The sexual relationship between the vampire and the victim becomes almost polymorphous. It's the vampires are attractive to everyone and the vampire is attracted to everyone. So that whole ambiguity about sexuality is a major part of the vampire lore.

SPEAKER: The word vamp in the 1920s was used to describe a woman who was very sexual, and very sure of herself and was almost preyed on other women's menfolk in a way. How did that how does that whole fit-- that whole image fit into this?

PAM KEESEY: Actually, it surprised me. I started my research at a very basic level by going to the Oxford English Dictionary because it's the biggest one. I looked up vampire and it actually refers to vamp.

So there's a very literal connection between vamp and vampire and that whole-- again, that idea of dealing with what is taboo, the free woman who doesn't live by somebody else's rules, and again, with the sexuality, the sexual nature, she's attractive to everyone and attracted to everyone. And some of the most famous vamps of the 1920s were usual-- in their own lives, often were bisexual, but also were portrayed in their roles as being bisexual or just being attractive to everyone. So there's a very strong connection there.

SPEAKER: I really didn't realize-- not to be ignorant, but I really didn't realize that these stories went back hundreds of years literally.

PAM KEESEY: Literally, yes.

SPEAKER: Way back when you're talking about the goddesses, why do you think these stories have remained hidden for so long, especially when it comes to lesbian vampire stories?

PAM KEESEY: I think a lot of that has to do with the Victorian age. The first identifiably lesbian vampire that came about in the English language was in 1817, and it's a poem by Samuel Coleridge, who's a very well-known poet. But his poem, "Christabel," is less well known. And although he doesn't use the word vampire or any of the words related to vampires, there's definitely the relationship of the vampire to the victim in the sense that the victim starts to weaken and becomes more pale while the vampire becomes stronger.

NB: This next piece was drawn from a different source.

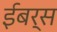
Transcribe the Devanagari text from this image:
ईबर्स
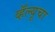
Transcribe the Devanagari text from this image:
व्हॅल्यूचा
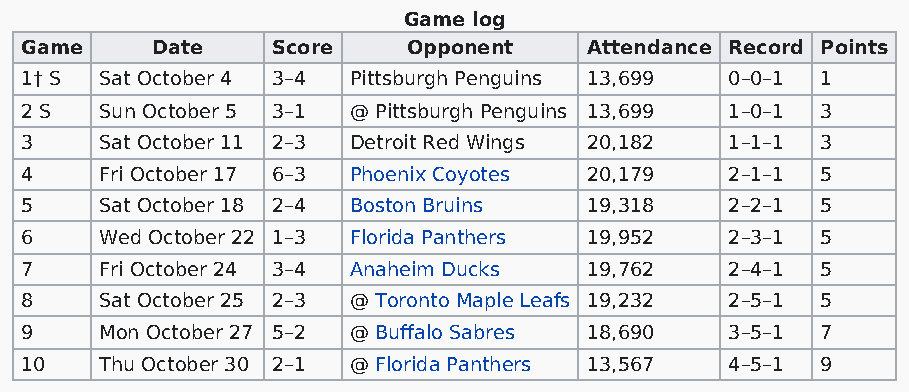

That poem became a very significant influence for the writing of Carmilla. It was in the 1870s when a lot more research was coming out about bisexuality and homosexuality and definitely in the sense of condemning what it meant to be homosexual. So this story is very telling in that it is condemning relationships between women and saying, this is what can happen to you if you form too close a relationship with another woman, especially if it's, in this case, considered to be young women. This is dangerous and this could ruin the rest of your life.

SPEAKER: I can see why that was taboo.

PAM KEESEY: Yeah, very taboo.

SPEAKER: Is there something that goes beyond the sexuality, and the blood, and gore of vampire stories, and there's actually a larger message here?

PAM KEESEY: I think there really is, especially starting in the 1970s where we start to see stories from the vampires' point of view rather than from the victim's point of view, start to see the struggle that the vampire is going through and trying to figure out the vampires place in society because they live alongside us. And I think this is one of the things that Anne Rice in particular touches on. What does it mean to live in a society that is predominantly Christian when you are one of those who is supposedly damned by God? What does it mean to take a human life, to think and act like a human, but also depend on humans for the life, for the blood that they get from humans?

And I think it really does raise a lot of questions about the human being's relationship to the world around them and what that spiritual relationship is. Because we are looking at questions of, who has innate value, who is damned, who is not damned? And this is something that the vampire, as a figure, helps us to look at in a completely different way because the vampire is able to look at it in the scope of several hundreds and sometimes even thousands of years.